= Beginning of Section =

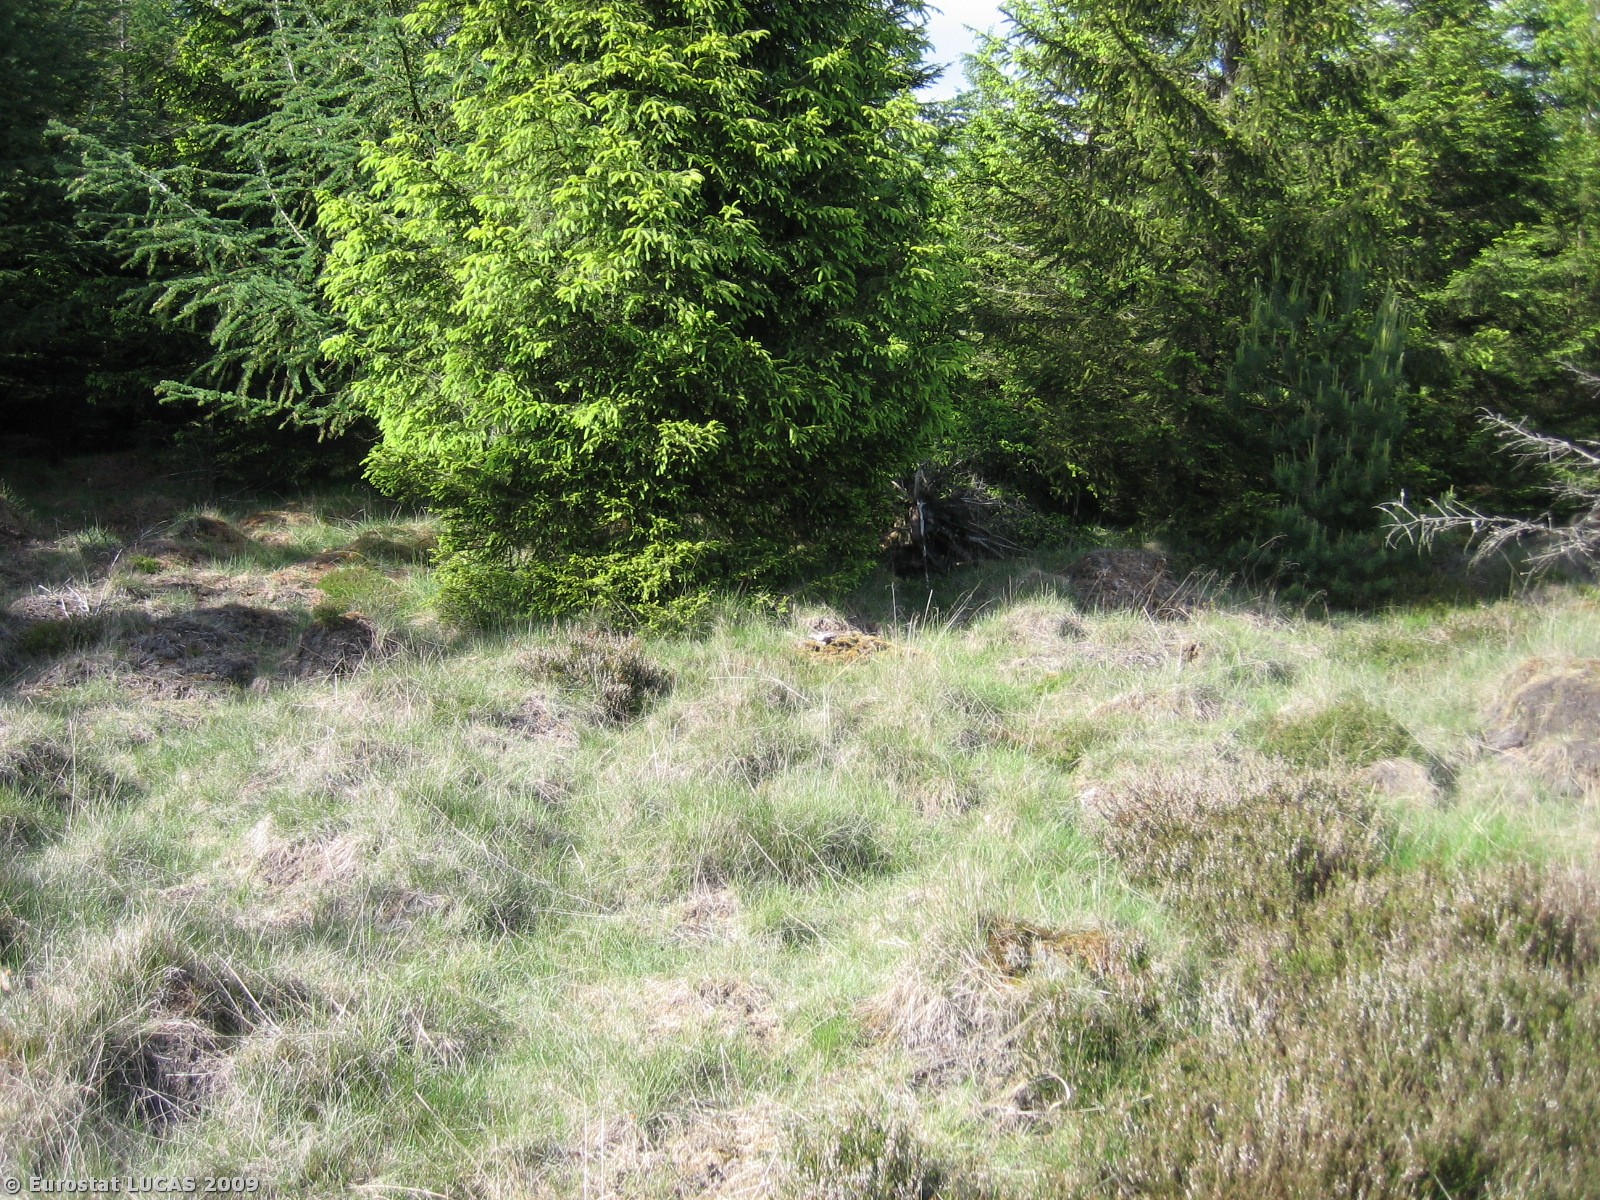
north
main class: Shrubland
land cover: Shrubland with sparse tree cover
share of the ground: > 75 %
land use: Forestry
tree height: > 5 m
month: May
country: DK
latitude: 56.0574
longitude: 8.9253

= End of Section =

» **EXERCISE DESCRIPTION**: An exact, word-for-word version of the material is required, free of pictures.

» **TASK SOLUTION**:
north
main class: Shrubland
land cover: Shrubland with sparse tree cover
share of the ground: > 75 %
land use: Forestry
tree height: > 5 m
month: May
country: DK
latitude: 56.0574
longitude: 8.9253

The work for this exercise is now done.